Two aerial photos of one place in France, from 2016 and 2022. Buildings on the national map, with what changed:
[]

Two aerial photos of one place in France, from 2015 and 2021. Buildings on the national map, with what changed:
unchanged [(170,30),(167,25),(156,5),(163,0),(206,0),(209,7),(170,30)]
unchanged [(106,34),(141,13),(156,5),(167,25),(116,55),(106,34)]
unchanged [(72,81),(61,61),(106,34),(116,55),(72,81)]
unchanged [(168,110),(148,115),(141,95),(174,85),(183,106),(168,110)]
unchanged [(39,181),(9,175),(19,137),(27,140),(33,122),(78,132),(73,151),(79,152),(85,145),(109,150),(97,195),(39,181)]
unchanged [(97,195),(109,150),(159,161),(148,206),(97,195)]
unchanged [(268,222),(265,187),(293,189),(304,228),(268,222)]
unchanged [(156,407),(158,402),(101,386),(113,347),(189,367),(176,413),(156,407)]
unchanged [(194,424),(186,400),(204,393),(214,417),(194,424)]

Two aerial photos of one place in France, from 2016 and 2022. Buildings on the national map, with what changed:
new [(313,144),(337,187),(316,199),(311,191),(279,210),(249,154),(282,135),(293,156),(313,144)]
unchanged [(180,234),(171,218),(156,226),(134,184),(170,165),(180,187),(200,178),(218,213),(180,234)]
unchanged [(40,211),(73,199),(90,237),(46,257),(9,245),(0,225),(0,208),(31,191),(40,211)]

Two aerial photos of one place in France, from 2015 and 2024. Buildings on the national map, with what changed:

#### Task to carry out:
What do the records say? Quote them all exactly.

#### Exercise output:
Two aerial photos of one place in France, from 2016 and 2022. Buildings on the national map, with what changed:
[]

Two aerial photos of one place in France, from 2015 and 2021. Buildings on the national map, with what changed:
unchanged [(170,30),(167,25),(156,5),(163,0),(206,0),(209,7),(170,30)]
unchanged [(106,34),(141,13),(156,5),(167,25),(116,55),(106,34)]
unchanged [(72,81),(61,61),(106,34),(116,55),(72,81)]
unchanged [(168,110),(148,115),(141,95),(174,85),(183,106),(168,110)]
unchanged [(39,181),(9,175),(19,137),(27,140),(33,122),(78,132),(73,151),(79,152),(85,145),(109,150),(97,195),(39,181)]
unchanged [(97,195),(109,150),(159,161),(148,206),(97,195)]
unchanged [(268,222),(265,187),(293,189),(304,228),(268,222)]
unchanged [(156,407),(158,402),(101,386),(113,347),(189,367),(176,413),(156,407)]
unchanged [(194,424),(186,400),(204,393),(214,417),(194,424)]

Two aerial photos of one place in France, from 2016 and 2022. Buildings on the national map, with what changed:
new [(313,144),(337,187),(316,199),(311,191),(279,210),(249,154),(282,135),(293,156),(313,144)]
unchanged [(180,234),(171,218),(156,226),(134,184),(170,165),(180,187),(200,178),(218,213),(180,234)]
unchanged [(40,211),(73,199),(90,237),(46,257),(9,245),(0,225),(0,208),(31,191),(40,211)]

Two aerial photos of one place in France, from 2015 and 2024. Buildings on the national map, with what changed:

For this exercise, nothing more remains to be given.